Since the last revision of the SI, quantum Hall resistance standards (QHR) have been used to perform a direct realization of the ohm from the Planck constant and the elementary charge. These QHR standards are used in a growing number of NMIs even though the cost and complexity of their implementation remains high, mainly due to the technology relying on GaAs/AlGaAs heterostructures that require a very low temperature (<1.5 K), a high magnetic field from superconducting magnets (usually >10 T) and expensive liquid helium to operate.

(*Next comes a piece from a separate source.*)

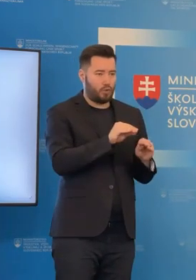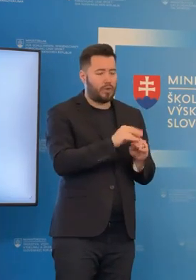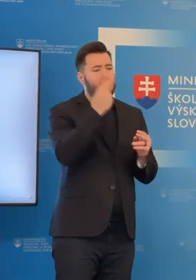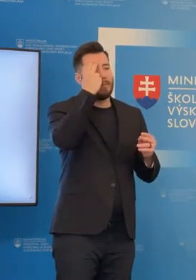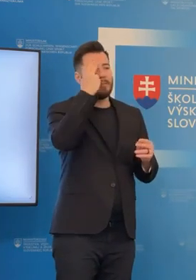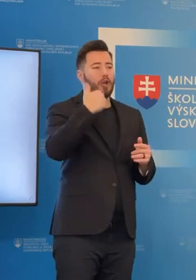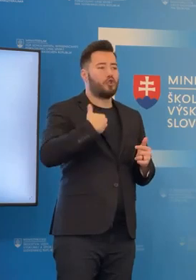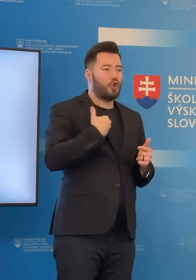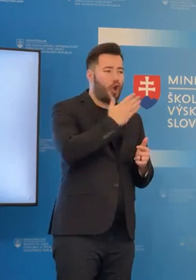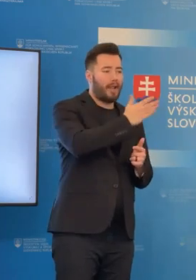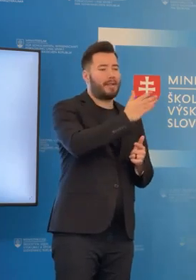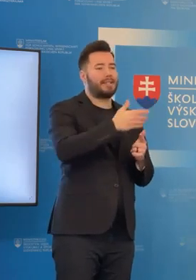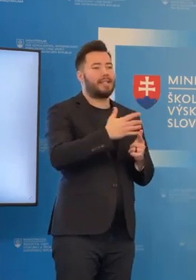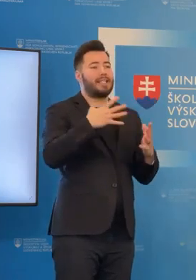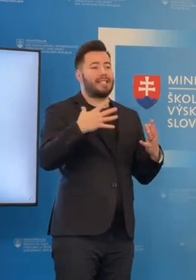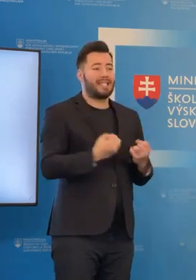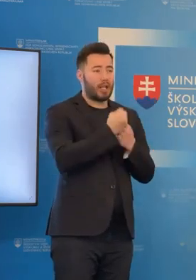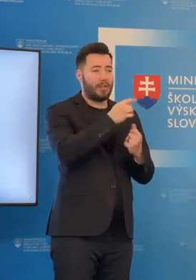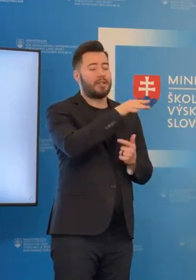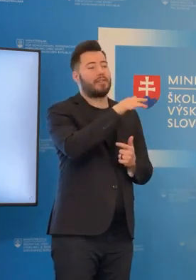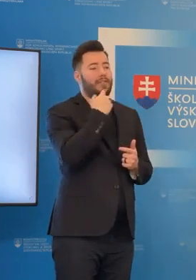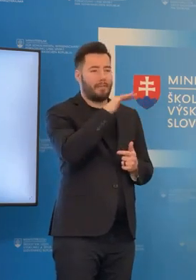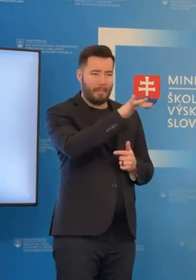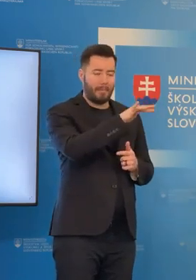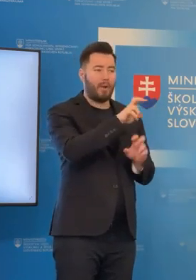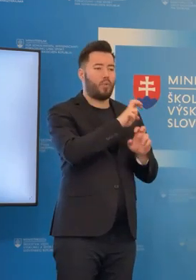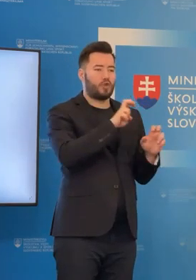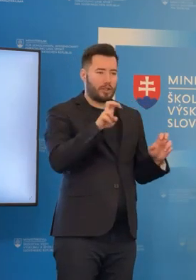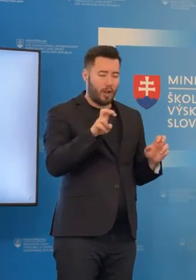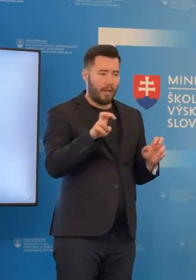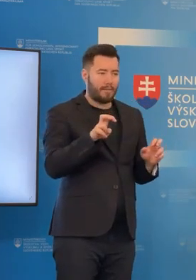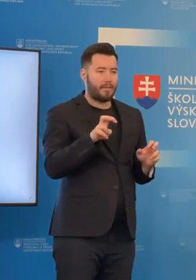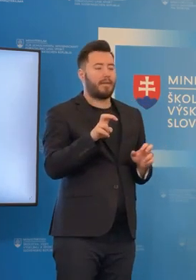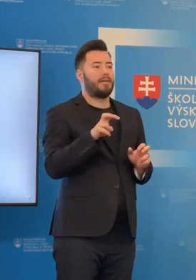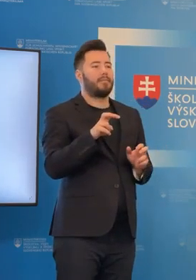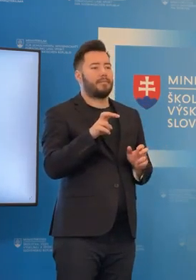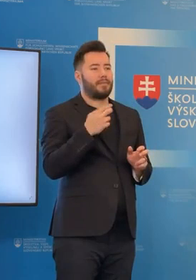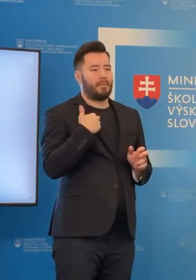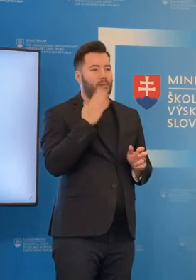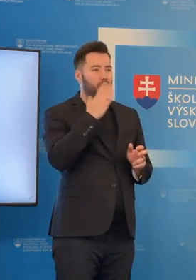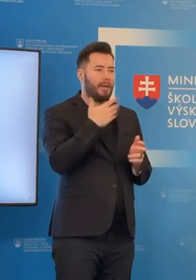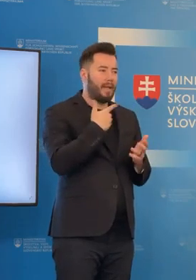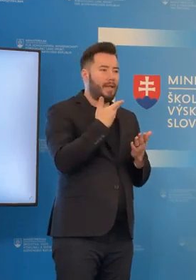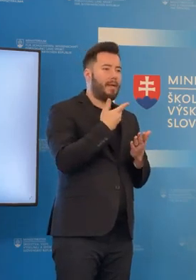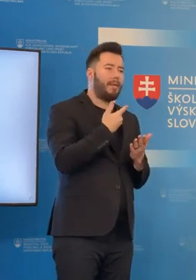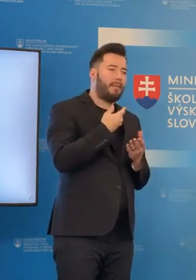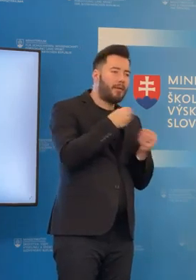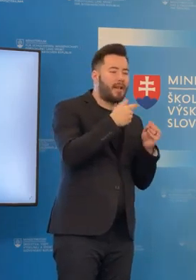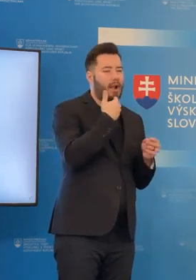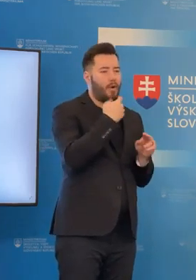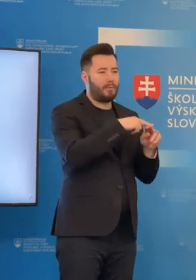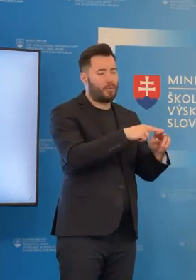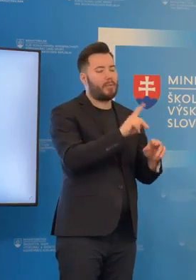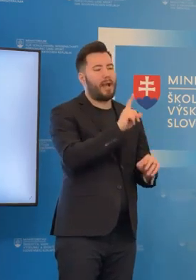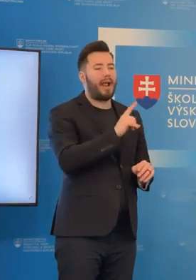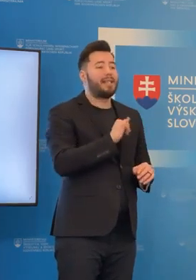školy alebo zriadovatelia, že majú ešte nejakých učiteľov, my ich budeme všetkých usmerňovať, ale nemáme ten celkový zber, že koľko je

However, the development and continuing improvement of graphene-based QHR standards during the last decade is now offering an alternative to GaAs based standards. Graphene QHR standards have the remarkable ability to be quantized for less stringent experimental conditions both regarding temperature and magnetic flux density. Quantization of graphene QHE samples has been demonstrated for flux density of 5 T or below and temperature up to 4.2 K.

Replacing GaAs QHR standards by graphene-based standards would bring a significant simplification in the implementation of these primary resistance standards as well as a reduction of their utilization costs and size. This is particularly interesting for the BIPM within the framework of its onsite QHR comparison programme BIPM.EM-K12.

The BIPM has recently had the opportunity to study a new graphene-based QHR sample developed by PTB within the framework of the Graphene Impedance Quantum Standard (GIQS) EURAMET project [1,2]. This sample was fabricated from a homogeneous monolayer of epitaxial graphene of millimetric size whose fabrication has been optimized and on which a molecular post-growth doping technique has been applied to reduce the electron density to values below 1011 cm−2. It is encapsulated within polymer layers and stable working points are expected for low magnetic flux density values below 6 T.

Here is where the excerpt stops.